The 2019 Zambia Super League is the 58th season of the Zambia Super League, the top-tier football league in Zambia. Due to the transitional calendar of the CAF competitions in 2018–19, the 20 teams in the league will be divided into two groups of ten teams stream A and stream B, one of teams from the north and one of teams from the south, Nkana leading one and Zesco United heading the other. The teams top two with the most points will qualify for the CAF Champions League then the other two will play the CAF Confederations Cup. The League will return to normal for the 2019–20 season. The league is set to kick off on the 27th of January, A day after the Charity Shield.

Teams
The season will be contested by 20 teams in two groups, the 16 teams which qualified from the 2018 Zambia Super League and four promoted clubs. After the season, only 18 teams will remain in the Super League. The promoted clubs include Circuit City (debut), Mufulira Wanderers (returning after one season), Real Nakonde (returning after one season) and Manchester United Zambia Academy. National Assembly, Nchanga Rangers, Kabwe YSA and New Monze Swallows were relegated from the 2018 Zambia Super League.

Confirmed promoted teams
 Circuit City 
 Mufulira Wanderers
 Maestro United Zambia (name changed from Manchester United Zambia Academy before season started)
 Prison Leopards

Prison Leopards' promotion
Prison Leopards got promoted to the Super League weeks after the 2018 Division One season came to an end which resulted that Real Nakonde be demoted back to Division one the team that was confirmed to have won promotion earlier at the end of the season with a better goal difference but finished level on points with Prison Leopards. Leopards launched complained against their opponents Tazara Express from matchweek 23 to have ineligible players. The match was forfeited and three points plus a three nil scoreline was awarded to Prison Leopards. Tazara Express was hence fined K5000.

League restructuring
The Super League will adopt a new format starting in August 2019. At the end of the transitional season in June the Super League will have a reduced number to 18 as the Association looks to increase competitiveness.

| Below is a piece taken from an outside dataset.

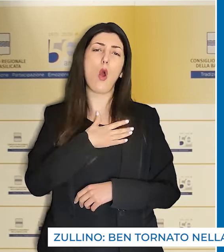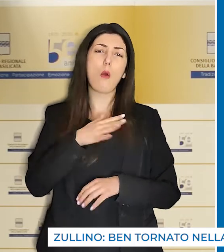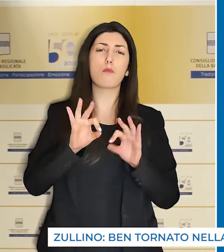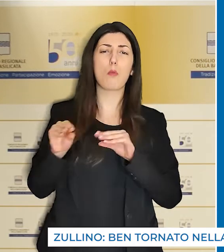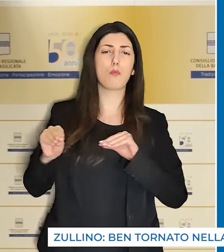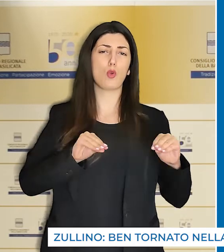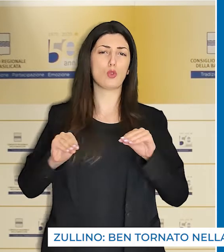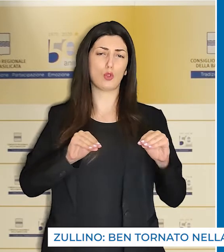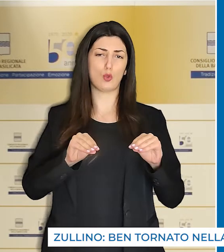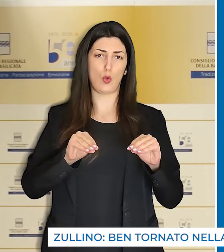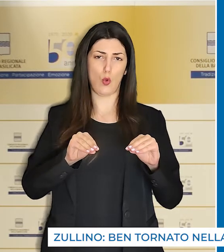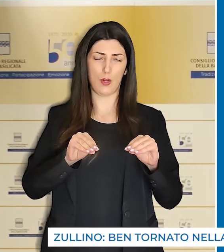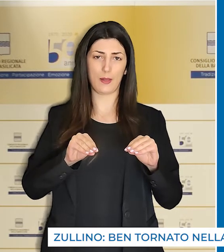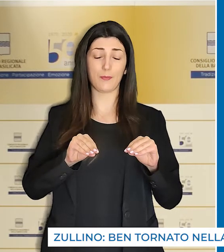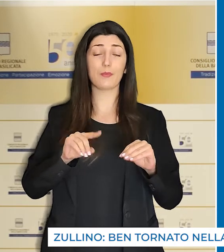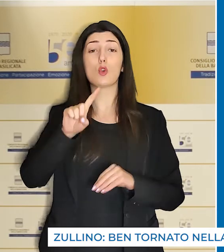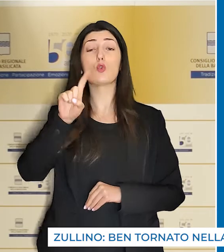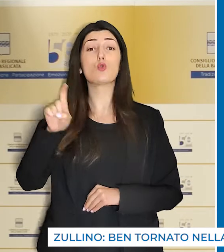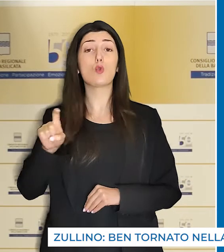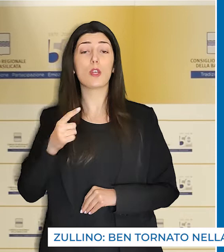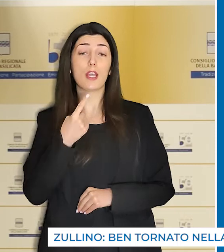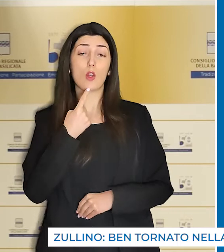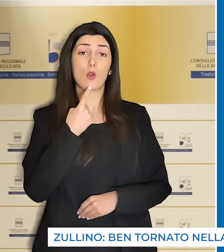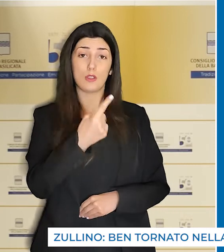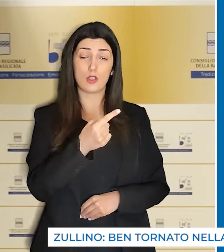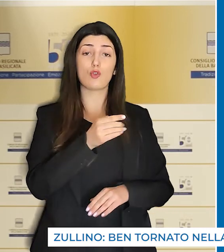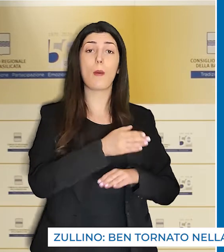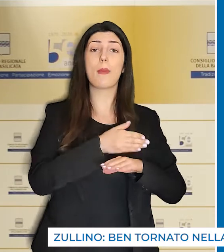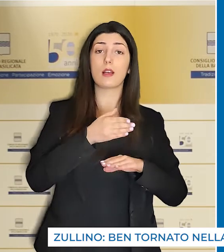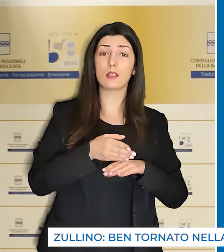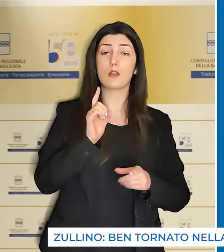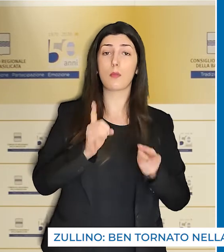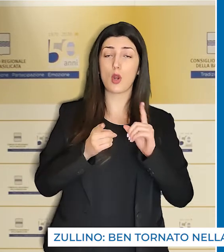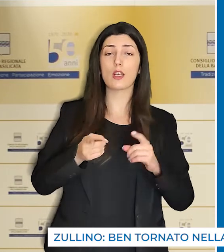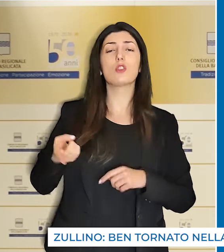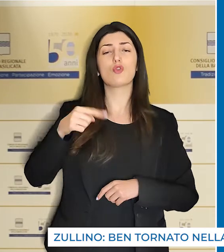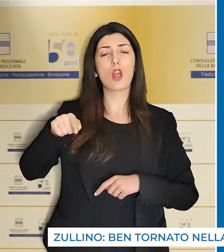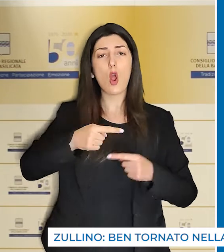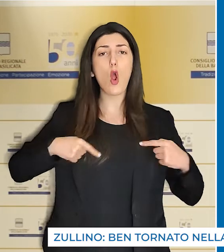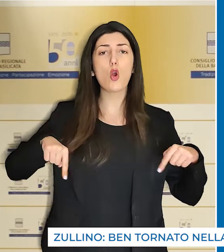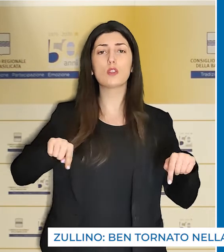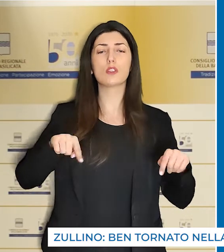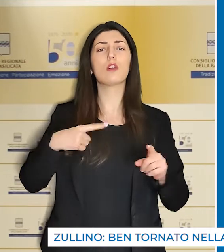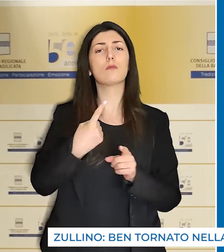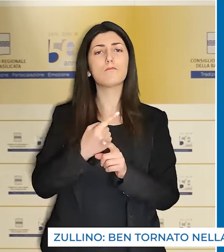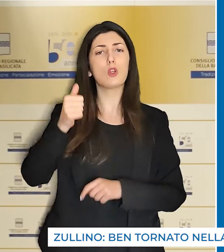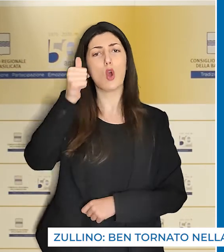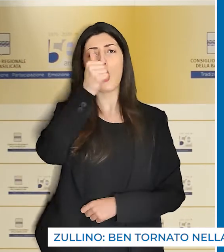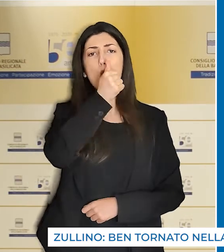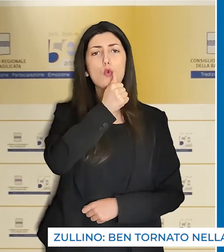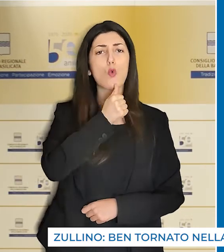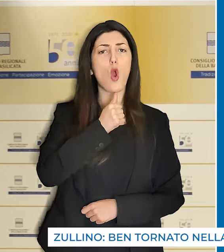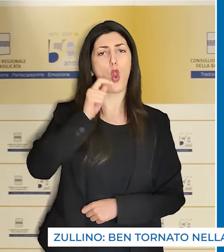Per Zullino i partiti politici ed il consiglio tutto devono tornare al loro ruolo più
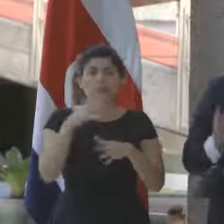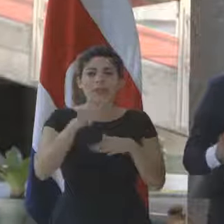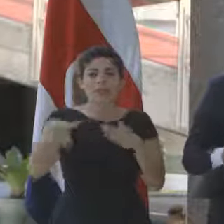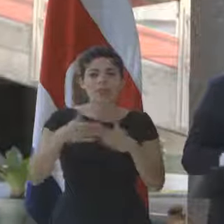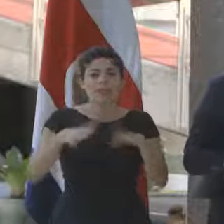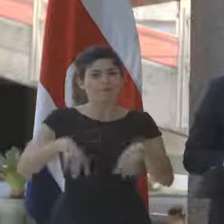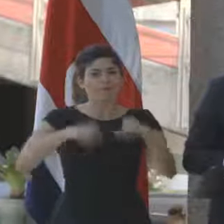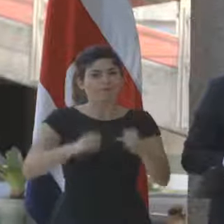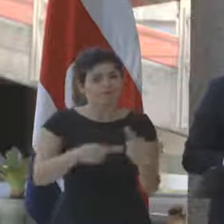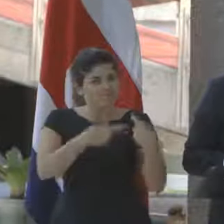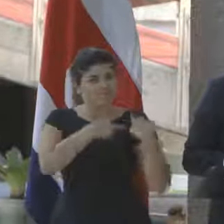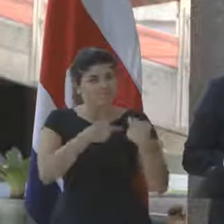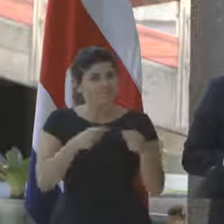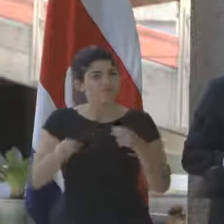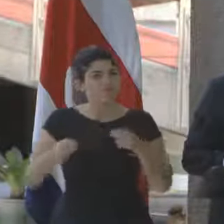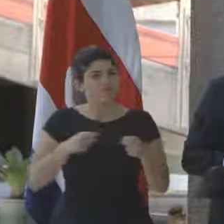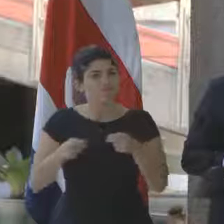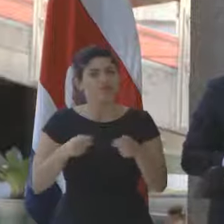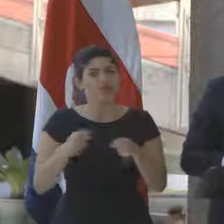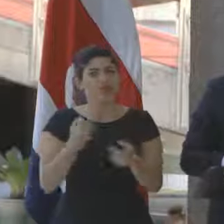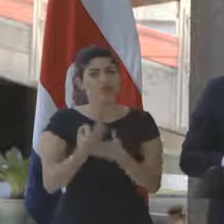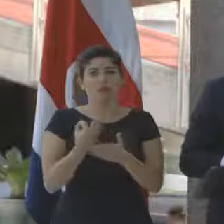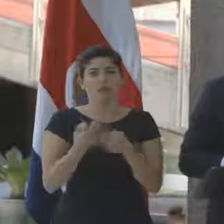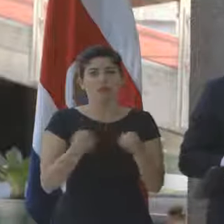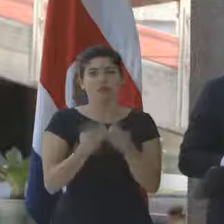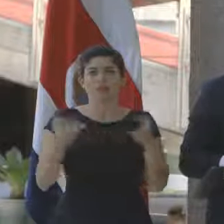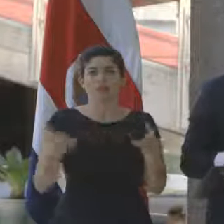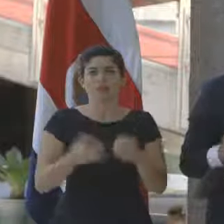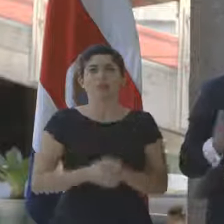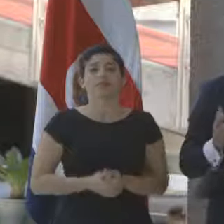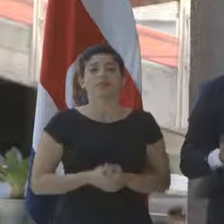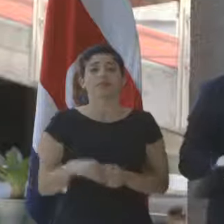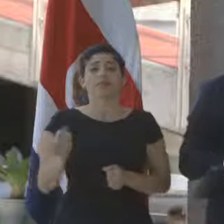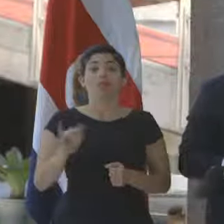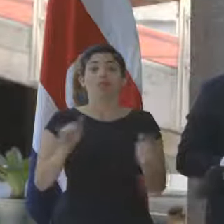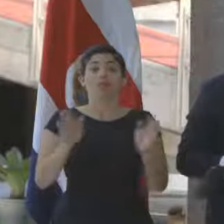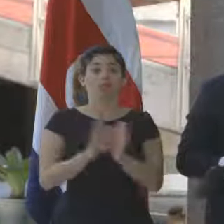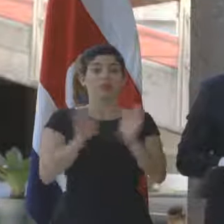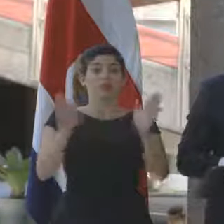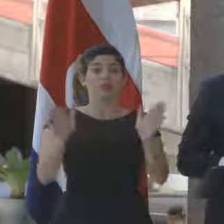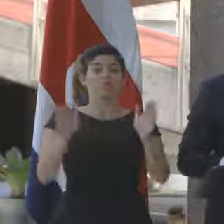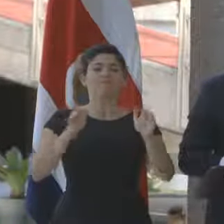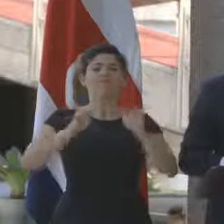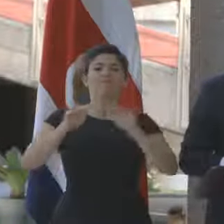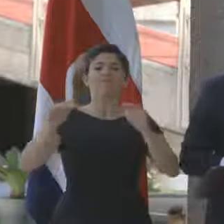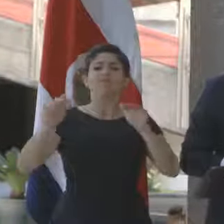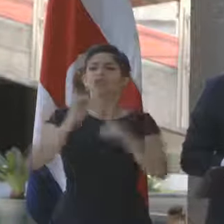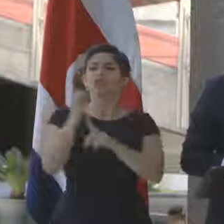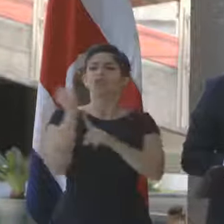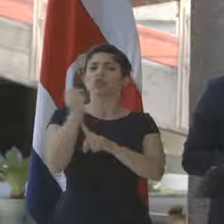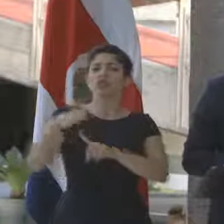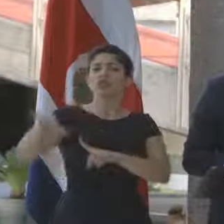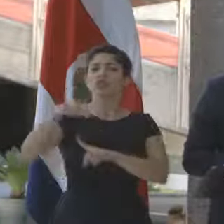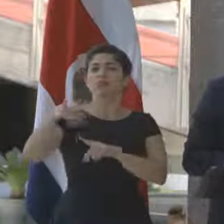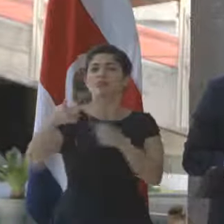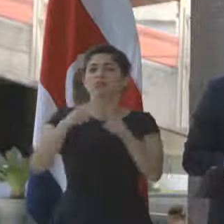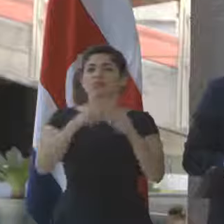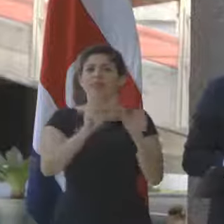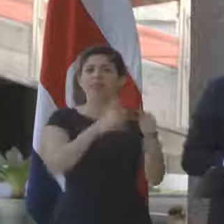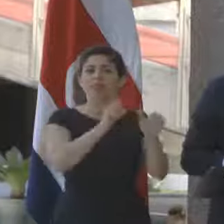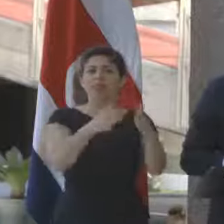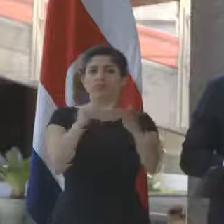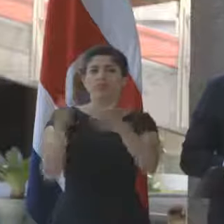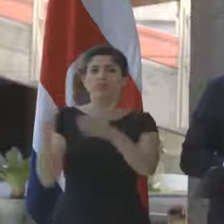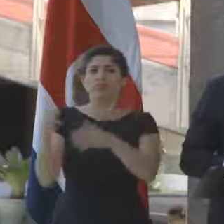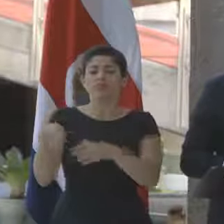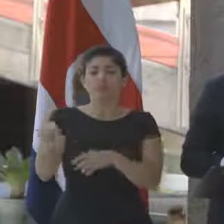responsables en el manejo de las finanzas públicas, y en general un llamado a la sociedad, a los distintos sectores,

The start of a new league season in August 2019 will also see the start of the National Division One which will have 18 teams just like the top tier and will be a sponsored league. The two bottom teams from each zone of the transitional Super League will be relegated to the National Division One.

For promotion to the Super League after the end of the transitional season in June the four top teams from the zones will face each other in playoffs with the two winners (top teams) qualifying to the Super League while the other two will drop to the National Division one.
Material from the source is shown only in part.